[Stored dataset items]

━━━━━━━━━━━━━━━━━━━━

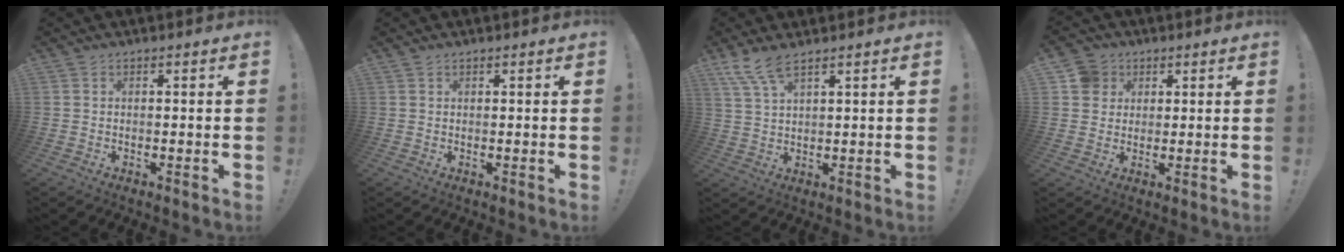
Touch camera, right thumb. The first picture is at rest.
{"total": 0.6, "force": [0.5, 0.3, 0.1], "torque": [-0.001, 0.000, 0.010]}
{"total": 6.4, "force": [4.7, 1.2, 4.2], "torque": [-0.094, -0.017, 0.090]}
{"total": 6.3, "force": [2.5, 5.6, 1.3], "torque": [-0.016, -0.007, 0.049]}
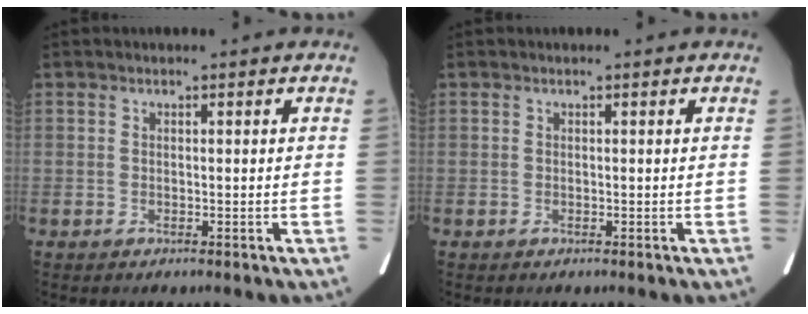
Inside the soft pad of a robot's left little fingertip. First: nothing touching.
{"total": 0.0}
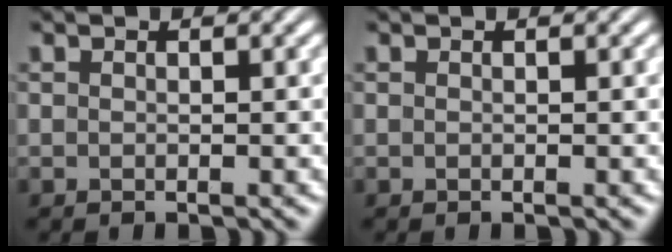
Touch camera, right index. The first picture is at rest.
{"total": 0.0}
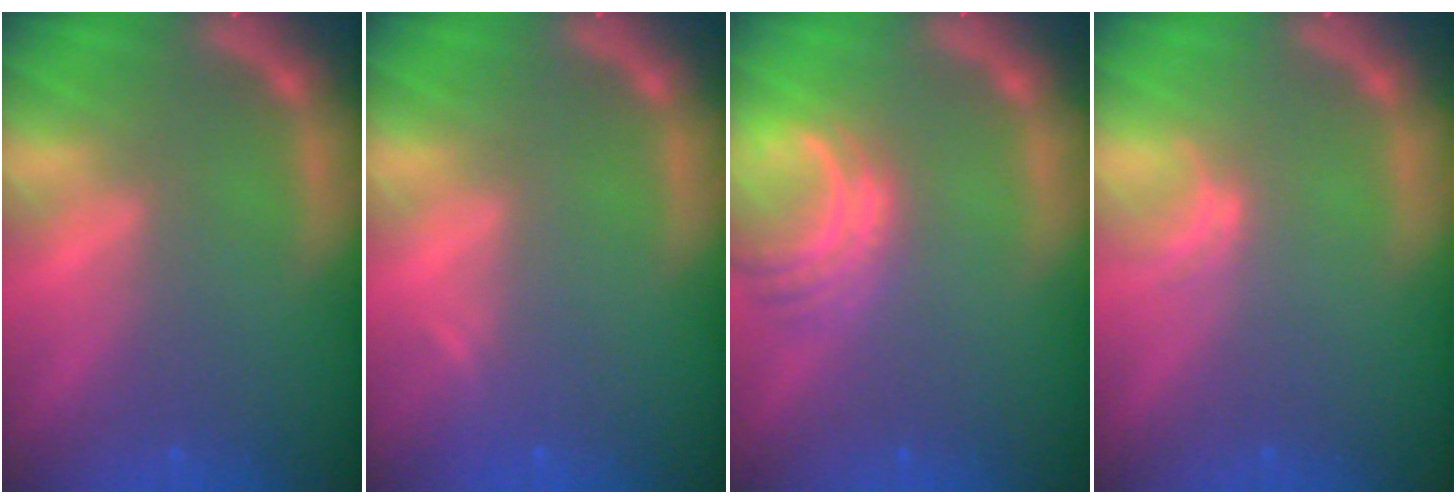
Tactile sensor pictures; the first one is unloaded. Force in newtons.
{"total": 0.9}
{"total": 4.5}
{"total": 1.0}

━━━━━━━━━━━━━━━━━━━━

Repeat every record above exactly, but leave out any pictures.

• Task answer:
Touch camera, right thumb. The first picture is at rest.
{"total": 0.6, "force": [0.5, 0.3, 0.1], "torque": [-0.001, 0.000, 0.010]}
{"total": 6.4, "force": [4.7, 1.2, 4.2], "torque": [-0.094, -0.017, 0.090]}
{"total": 6.3, "force": [2.5, 5.6, 1.3], "torque": [-0.016, -0.007, 0.049]}
Inside the soft pad of a robot's left little fingertip. First: nothing touching.
{"total": 0.0}
Touch camera, right index. The first picture is at rest.
{"total": 0.0}
Tactile sensor pictures; the first one is unloaded. Force in newtons.
{"total": 0.9}
{"total": 4.5}
{"total": 1.0}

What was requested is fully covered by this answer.